Fujitsu and Japan’s Riken Institute for Physico-Chemical Research have announced the completion of the world’s fastest supercomputer. The Fugaku supercomputer, which has been ranked number one in the six-month Top500 ranking of the world’s most powerful supercomputers since last June, is now available for shared use by researchers around the world.

Development of Fugaku began in 2014. The supercomputer was created as the base system for the innovative high performance computing infrastructure (HPCI) promoted by the Japanese Ministry of Education, Culture, Sports, Science and Technology (MEXT). The deployment of all racks was completed in May 2020. Since then, the partners have developed and optimized the user environment required for system sharing.
The Japan Institute of Informatics and Technology (RIST) has already selected 74 research projects that will be the first to gain access to Fugaku’s resources. However, RIST continues to accept applications from interested researchers in several categories.
The advantages of Fugaku include not only high performance, but optimization for operations often used in deep learning and artificial intelligence tasks. By combining this feature with traditional simulation, you can, for example, use AI to find the parameters needed for simulation and to extrapolate simulation results. Conversely, simulations can generate large amounts of data to study AI.

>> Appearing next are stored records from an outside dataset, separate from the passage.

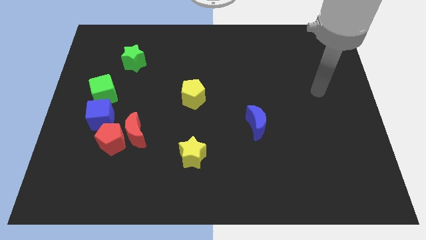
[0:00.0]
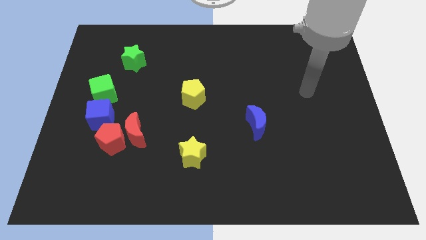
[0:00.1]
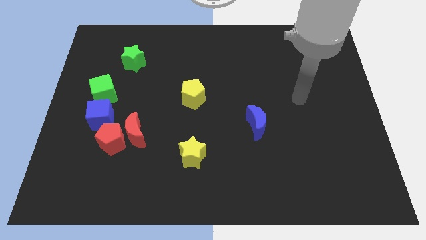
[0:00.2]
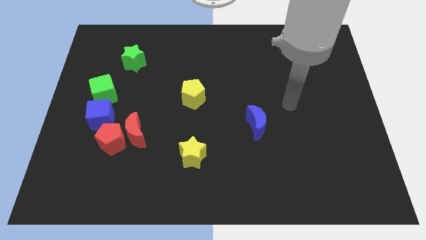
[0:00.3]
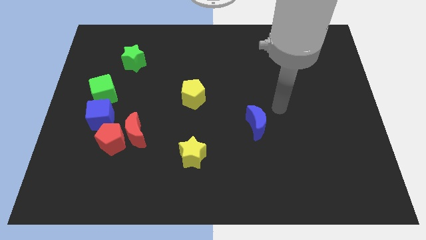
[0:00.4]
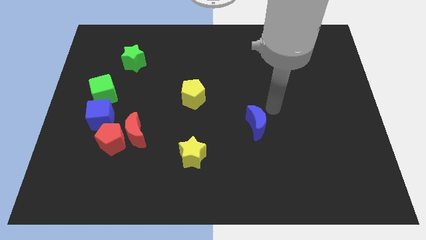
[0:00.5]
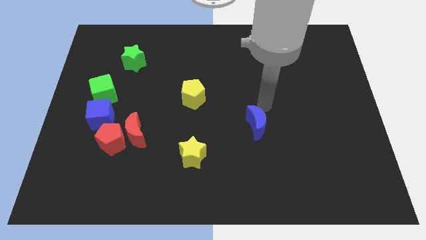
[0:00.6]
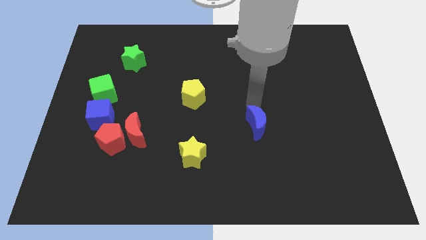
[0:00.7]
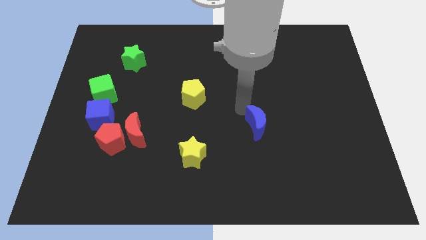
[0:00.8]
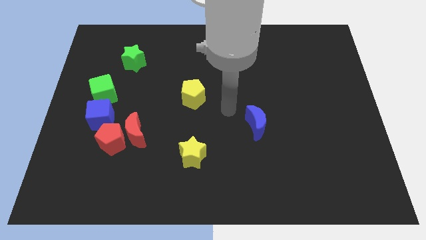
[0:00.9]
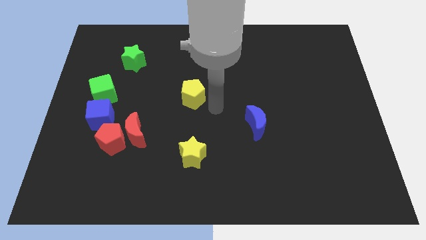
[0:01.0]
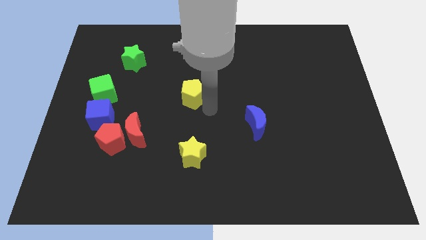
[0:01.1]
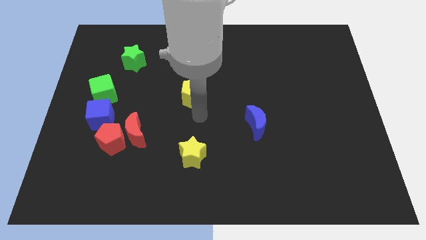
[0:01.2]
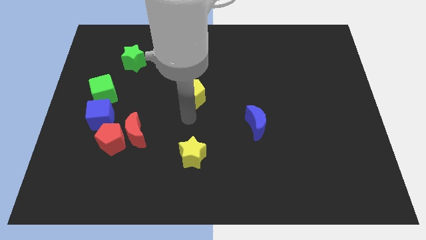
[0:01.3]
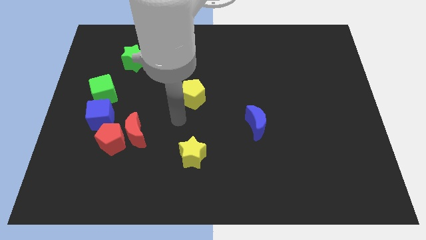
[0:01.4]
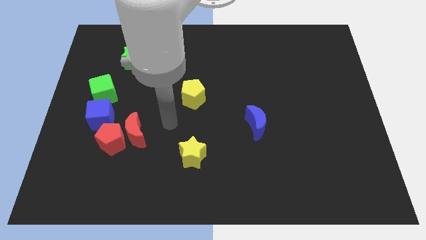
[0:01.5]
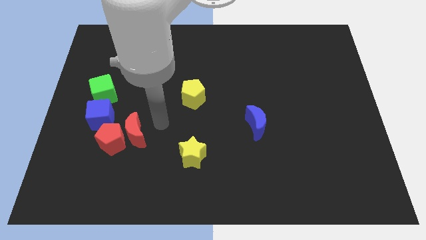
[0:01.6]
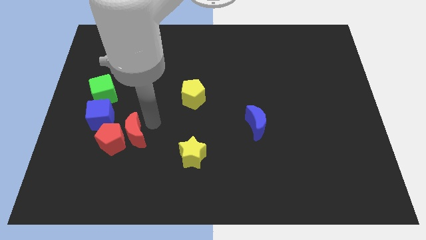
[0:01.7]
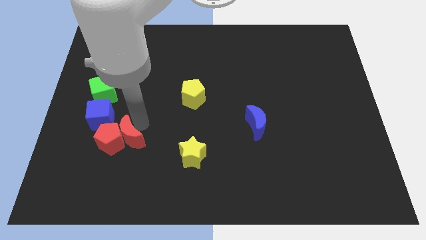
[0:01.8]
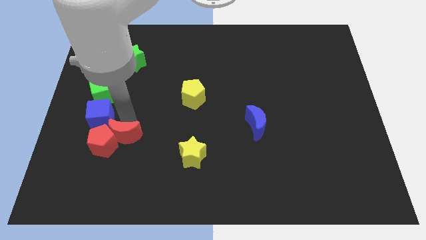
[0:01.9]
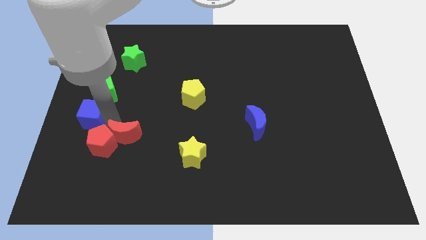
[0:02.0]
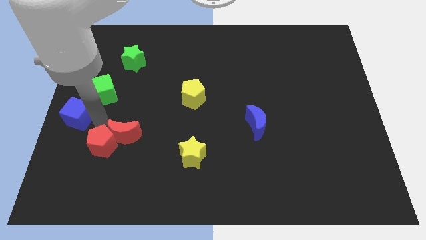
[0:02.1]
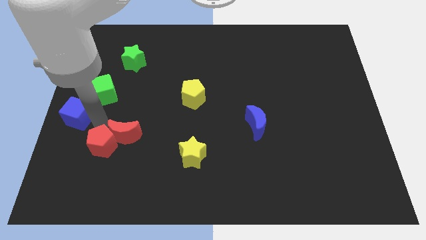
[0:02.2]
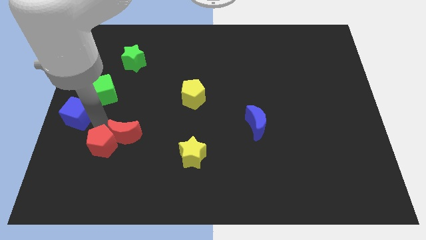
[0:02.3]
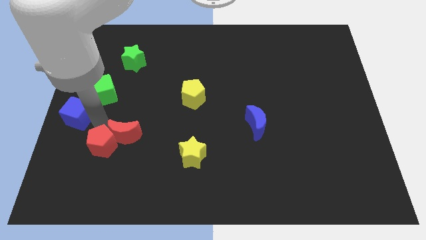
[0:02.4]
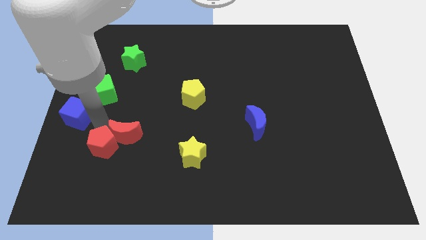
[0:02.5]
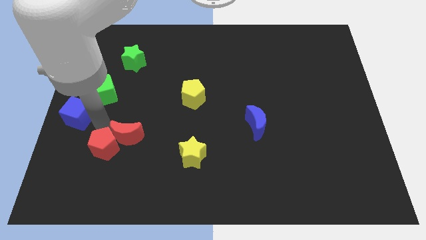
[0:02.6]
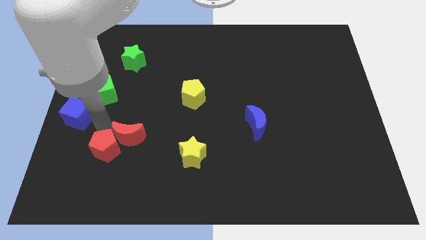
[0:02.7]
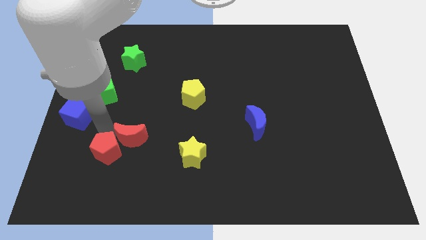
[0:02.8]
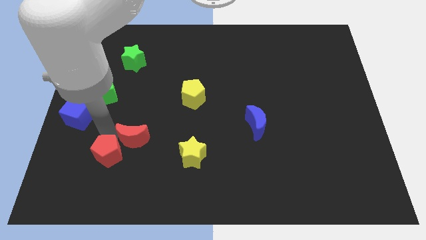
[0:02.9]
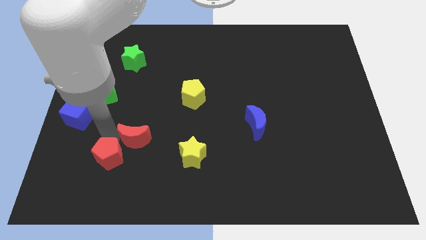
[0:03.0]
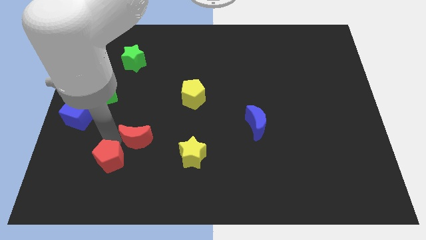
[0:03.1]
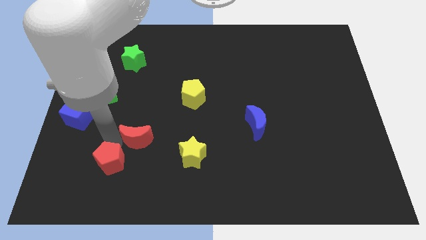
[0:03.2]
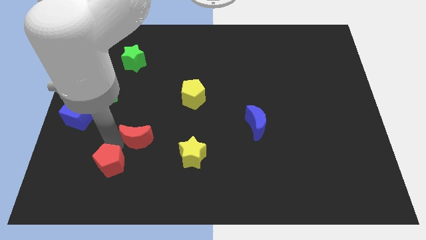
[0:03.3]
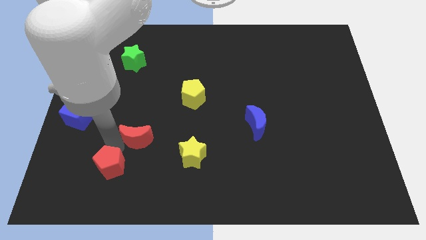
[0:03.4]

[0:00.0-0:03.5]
separate the red pentagon from the red moon and blue cube

These techniques are expected to enable Fugaku to accelerate drug development and early detection of diseases, promote preventive medicine through big medical data analysis and biological modeling, accurately predict tornadoes and heavy rainfalls, simulate earthquakes, tsunamis and escape routes, develop low-cost and high-performance solar cells, fuel cells and storage batteries, accelerate the creation of new devices and materials, form a deeper understanding of the fundamental issues of science.
As a reminder, Fugaku uses Fujitsu A64FX SoCs based on Arm architecture. A system with 7 630 848 cores entered the November Top500 list with a result of 442 petaflops in the High Performance Linpack (HPL) test.